When we allow the Holy Spirit to reveal to us our poverty of spirit, our dearth of understanding about what truly matters, and what makes us whole as humans, we may well experience a profound sense of being brokenhearted. This is a natural consequence of recognizing where in our lives we have worshipped that which is unworthy, believed that which is false, and been made less than we are meant to be. This recognition, though painful, is the path to the highest good! As the psalmist proclaims, “the Lord is close to the brokenhearted; and those who are crushed in spirit he saves.”

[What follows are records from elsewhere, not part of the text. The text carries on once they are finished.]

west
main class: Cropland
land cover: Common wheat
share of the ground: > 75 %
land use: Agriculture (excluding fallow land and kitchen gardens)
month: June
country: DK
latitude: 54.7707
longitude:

This is the posture of radical humility that conquers the atheism which is really the idolatry of self and our state of possession by desires untutored by truth and untouched by grace. In faith, trusting that the Lord will rescue us from every evil, we turn to the Lord who is alive to us in the Holy Sacraments, praying, “perfect in us what lies within them, that what we now celebrate in signs we one day possess in truth.”

Father Phillip W. DeVous is the pastor of St. Charles Borromeo, Flemingsburg, and St. Rose of Lima, May’s Lick.